Generation and characterization of KOR-tdTomato (KtdT/KtdT) knock-in mice and comparison with the wild KOR (K/K) mice. A, Targeting strategy. Oprk1 exons 3 and 4, tdTomato cDNA, and the floxed neomycin cassette are shown as empty, gray, and black boxes, respectively. Homologous recombination (HR) was followed by Cre recombinase treatment (Cre) in ES cells. B, Genotyping by PCR analysis using primer pair Ef/Er as shown in A and genomic DNA from mouse ears as templates. C, [³H]U69,593 binding (dpm) to receptor in mouse whole-brain membranes (1.8-mg protein) was performed with 4.5 nm [³H]U69,593 and non-specific binding was determined by naloxone (10 μm). Data are mean ± SEM (n = 4) **p < 0.01 and ***p < 0.001. D, Receptor mRNA levels were determined by real-time qRT-PCR with RNA preparations from mouse whole brains. Data are mean ± SEM (K/K, n = 4; KtdT/KtdT, n = 3); **p <0.01 and ***p < 0.001, compared with the wild type (K/K) by two-tailed Student’s t test. E, U50,488H inhibited scratching behavior induced by compound 48/80 in both KtdT/KtdT and K/K mice. Male mice were pretreated subcutaneously with saline or U50,488 (0.2–5 mg/kg) and 20 min later, compound 48/80 was injected into the nape of the neck and bouts of scratching were counted for 30 min and normalized to the saline group of each mouse strain. Each value represents mean ± SEM (n = 10). F, U50,488H inhibited novelty-induced locomotor activities in both KtdT/KtdT and K/K mice. Male mice were treated subcutaneously with saline or U50,488H (at doses of A50 values in the anti-scratching test) and put into locomotor chambers right after injections. Total locomotor activities (breaks of infrared beams) were continuously monitored using a Digiscan D. Micro System over a 90-min period. Cumulative data between 20 and 50 min postinjection are shown here. Each value represents mean ± SEM (n = 8).

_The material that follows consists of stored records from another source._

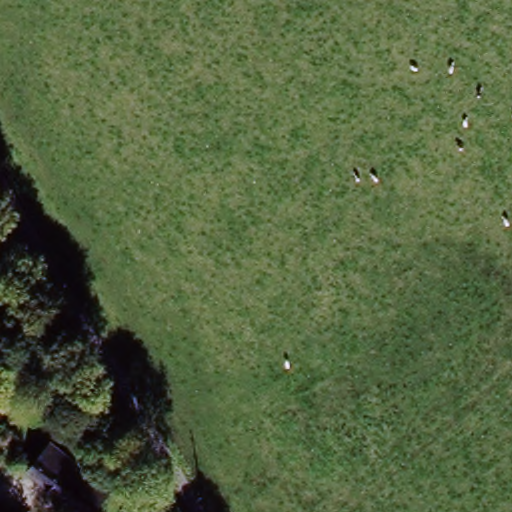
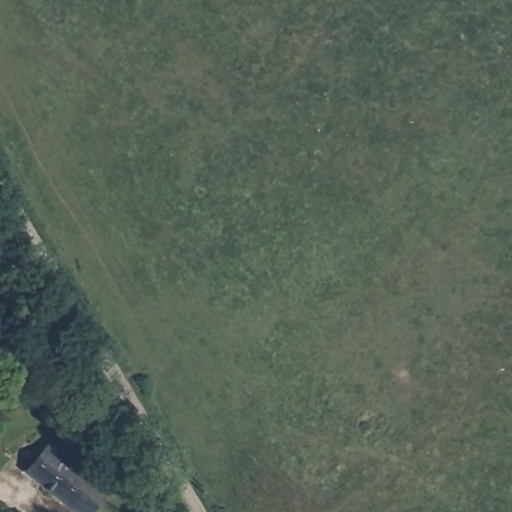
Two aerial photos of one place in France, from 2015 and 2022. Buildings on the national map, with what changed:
unchanged [(74,512),(30,481),(52,451),(75,467),(107,492),(95,512),(74,512)]

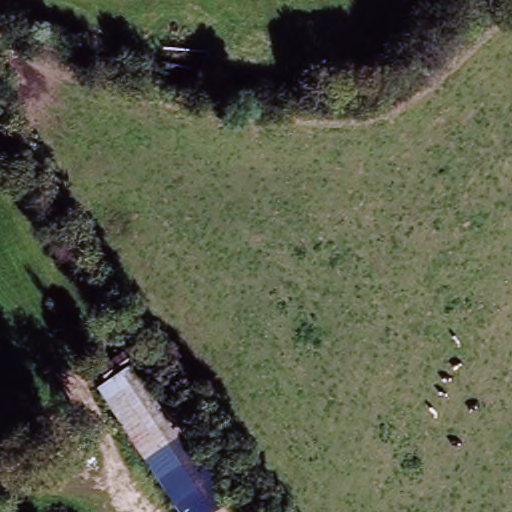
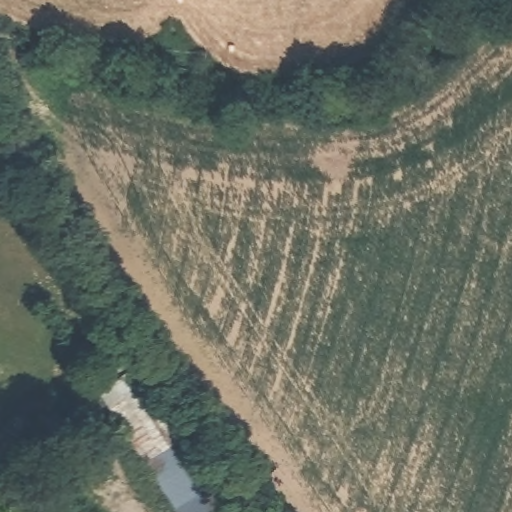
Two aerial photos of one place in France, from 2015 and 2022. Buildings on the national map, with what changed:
unchanged [(97,407),(84,387),(120,362),(133,382),(129,386),(97,407)]
unchanged [(217,502),(202,512),(175,512),(97,407),(129,386),(217,502)]

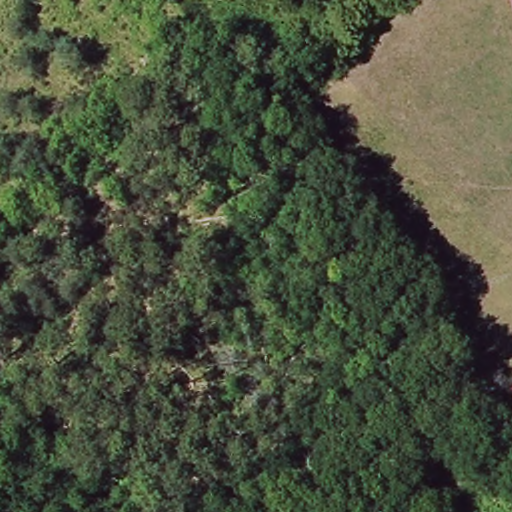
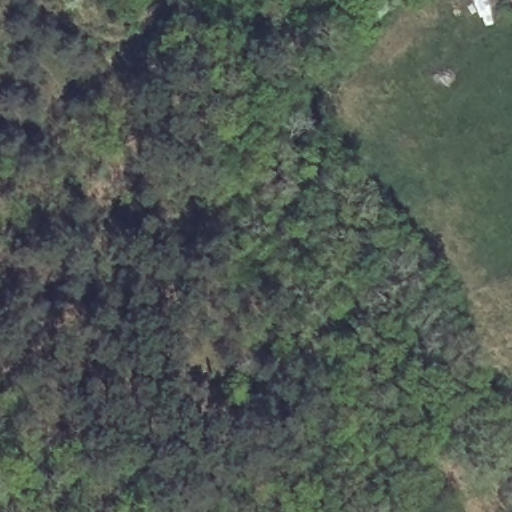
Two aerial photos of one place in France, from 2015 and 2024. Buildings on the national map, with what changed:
unchanged [(510,12),(506,0),(512,0),(512,12),(510,12)]
unchanged [(354,149),(370,182),(345,193),(329,162),(354,149)]
unchanged [(512,388),(512,417),(500,393),(512,388)]

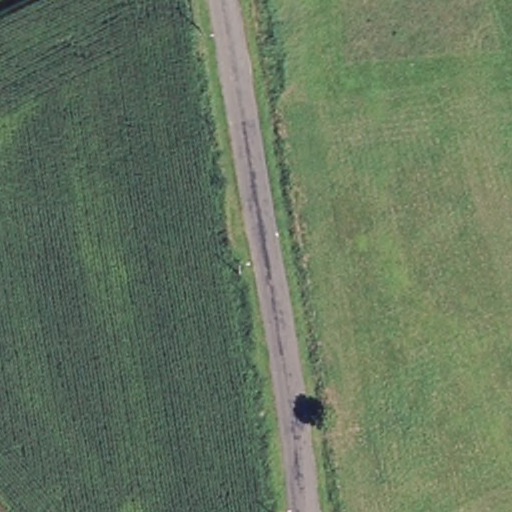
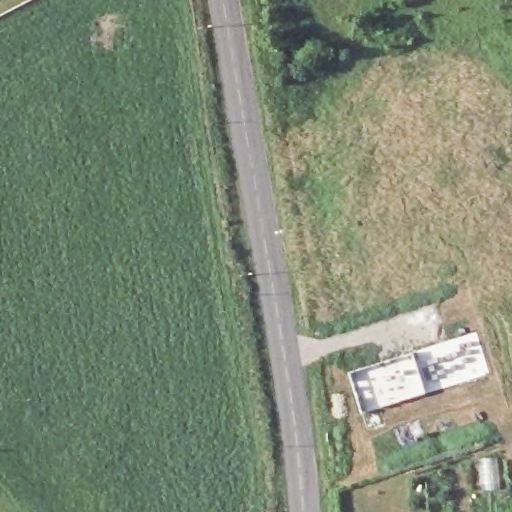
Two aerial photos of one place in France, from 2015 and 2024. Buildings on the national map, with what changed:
new [(362,412),(348,372),(412,352),(475,332),(488,373),(425,393),(362,412)]

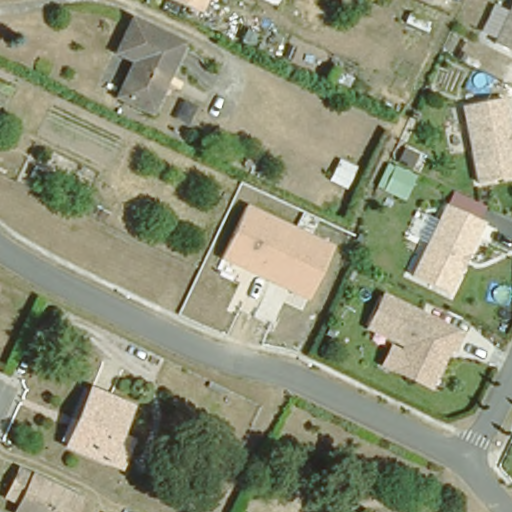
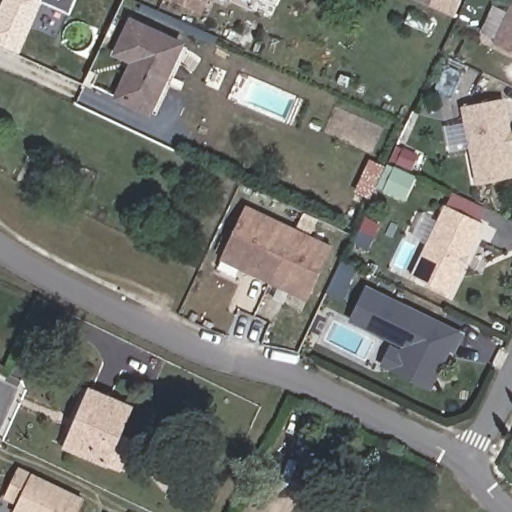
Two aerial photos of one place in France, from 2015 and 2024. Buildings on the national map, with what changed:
new [(0,46),(0,6),(3,0),(76,0),(70,15),(43,3),(20,55),(0,46)]
unchanged [(185,0),(198,0),(195,5),(185,0)]
unchanged [(440,0),(437,8),(419,0),(440,0)]
unchanged [(512,5),(512,56),(493,47),(512,5)]
unchanged [(179,43),(149,109),(119,94),(136,57),(116,46),(128,19),(179,43)]
unchanged [(512,176),(476,181),(462,104),(502,97),(512,155),(512,176)]
unchanged [(47,160),(42,171),(29,165),(33,154),(47,160)]
new [(387,168),(412,180),(403,197),(379,185),(387,168)]
unchanged [(449,291),(412,273),(446,202),(483,220),(449,291)]
unchanged [(310,303),(221,260),(248,205),(334,245),(310,303)]
unchanged [(461,335),(453,350),(446,346),(442,355),(443,360),(430,387),(394,370),(406,345),(369,327),(384,296),(461,335)]
unchanged [(70,443),(94,389),(132,407),(120,435),(107,461),(70,443)]
unchanged [(16,508),(21,498),(7,491),(19,468),(20,466),(81,498),(81,499),(74,512),(22,512),(16,508)]

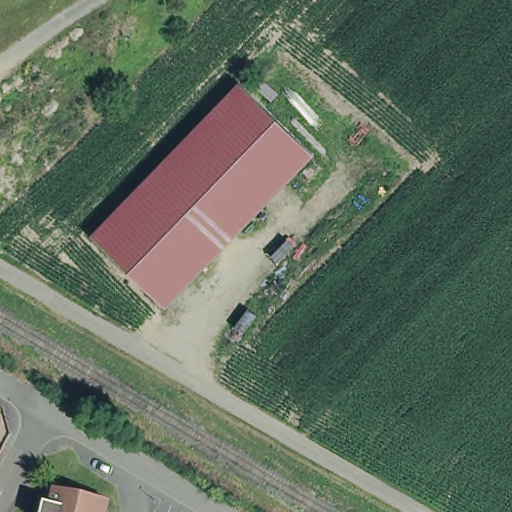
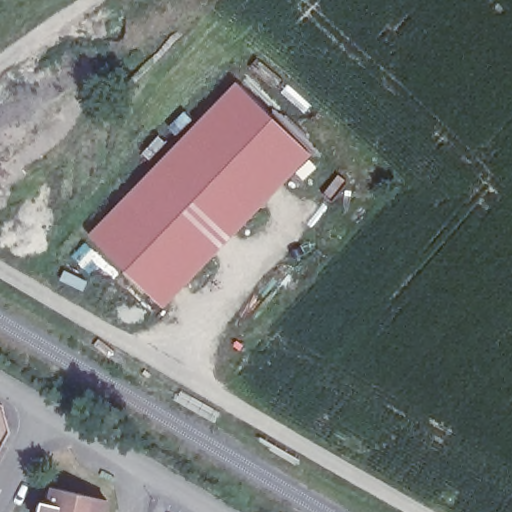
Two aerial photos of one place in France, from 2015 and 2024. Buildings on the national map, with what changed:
unchanged [(311,156),(163,306),(92,241),(237,87),(311,156)]
unchanged [(51,504),(56,486),(105,501),(102,512),(46,512),(48,505),(51,504)]

Data were analyzed by two-way ANOVA followed by Tukey’s post hoc test; *p < 0.05, compared with the respective saline group.

Figure 2.

A, A 3-D image of mouse brain cleared with CLARITY showing brain-wide distribution of KtdT. The 3-D whole-brain image was reconstructed from ventral and dorsal stacks acquired separately with optical settings described in Materials and Methods. Directions: anterior (A), posterior (P), ventral (V), dorsal (D), lateral (L), and medial (M). The autofluorescence in green channel was used as a reference (Ref) to whole-brain volume which is pseudo-colored in cyan. Experiments were performed on three brains with similar results. See Movies 1, 2 for video clips. B, An enlarged view of a portion of the 3-D image showing prominent KtdT fiber bundles between SI and SNr. C, Images (I–V) were presented as optical sections from 1-mm coronal blocks of mouse brains showing KtdT neurons in the prefrontal cortex (PFC), claustrum (CLA), lateral septum (LS), ventral tagmental area (VTA), paraventricular nuleus of thalamus (PVT), lateral habenula (LHb). The brain region of the images is marked by circles in the horizontal view of 3-D rendering (gray).

Figure 3.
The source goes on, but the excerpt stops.